For 1370 features, 2475 is a very small dataset for such an extreme result.

Please try -
Inspecting the misclassified records.
Try removing the T2DM feature and note the dip
Repeat the last step for all the features. You must observe a negligible dip for other features and a very large dip for any feature which is causing the leakage.

Answer 3

It pretty much looks like overfitting. It would be also interesting to know which algorythm did you use. Some are really sensitive to low number of instances / big number of features, and yYou have almost so many features as instances.

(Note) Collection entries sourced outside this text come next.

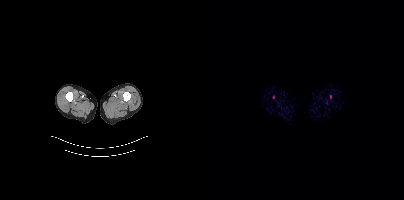
Coordinates are on the 200×200 PET (right) panel. Small PSMA-avid foci (2 to 4 px across) near (center x, center y): (126, 96) | (69, 97).
modality: PSMA PET/CT | tracer: 18F-PSMA | view: axial | PET grid: 200×200
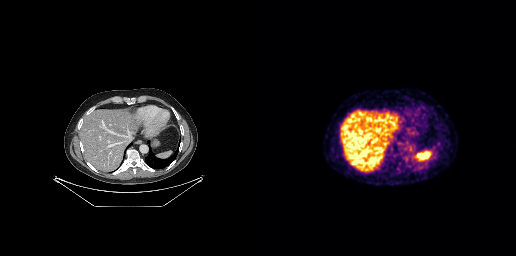
Paired axial CT (left) and PSMA PET (right), [68Ga]Ga-PSMA-11 tracer. Acquired on GE Discovery 690. Slice 169 of 263. PET panel 256×256 px (2.7 mm/px). This slice has no annotated PSMA-avid lesion.
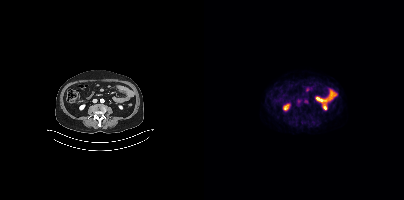
{"pet_grid":[200,200],"coord_frame":"pet_panel","coord_format":"x0,y0,x1,y1","psma_avid_lesions":false,"modality":"PSMA PET/CT","view":"axial","tracer":"18F-PSMA"}
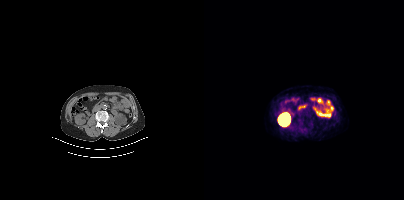
{"pet_grid":[200,200],"coord_frame":"pet_panel","coord_format":"x0,y0,x1,y1","psma_avid_lesions":false,"modality":"PSMA PET/CT","view":"axial","tracer":"[68Ga]Ga-PSMA-11"}
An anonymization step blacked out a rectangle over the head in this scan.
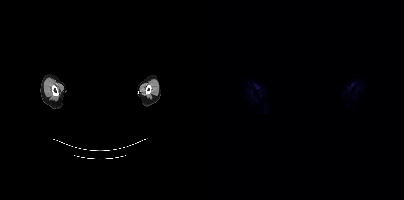
No PSMA-avid tumor lesions on this slice.
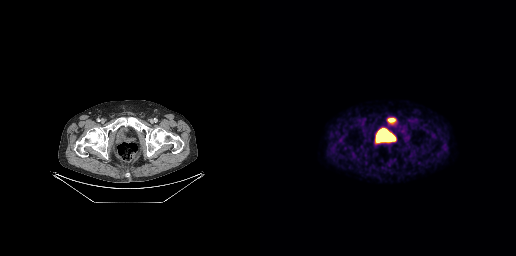
Coordinates are on the 256×256 PET (right) panel. PSMA-avid tumor lesion bounding box (x0,y0,x1,y1): [128,118,135,122].

Trying checking first correlation between features and reduce the number of features with PCA or another method, before fitting your model again.

Answer 4

It sounds like the system can just learn your algorithm for labeling. If that is intended then you can just use that and throw away all the ML. If you want to predict, for example, the diagnosis of icd9=250, then of course there is no point to include icd9 as feature. Alternatively, if there is a history, you can use the record just before the diagnosis of diabetes as training example. You said you didn't want to predict whether a patient will be diabetic in the future. But you do want to predict whether someone is diabetic right now even if not diagnosed, right?

Answer 5

The best approach is to use a model like Decision Tree to see what actually is happening. Maybe there are couple of features in there that correlate in a big way to the label and the rest of the 1000+ features dont matter at all. It is possible (as someone else too point out) that one of the feature hiding in there (an icd with a certain response code) has a direct bearing the output label.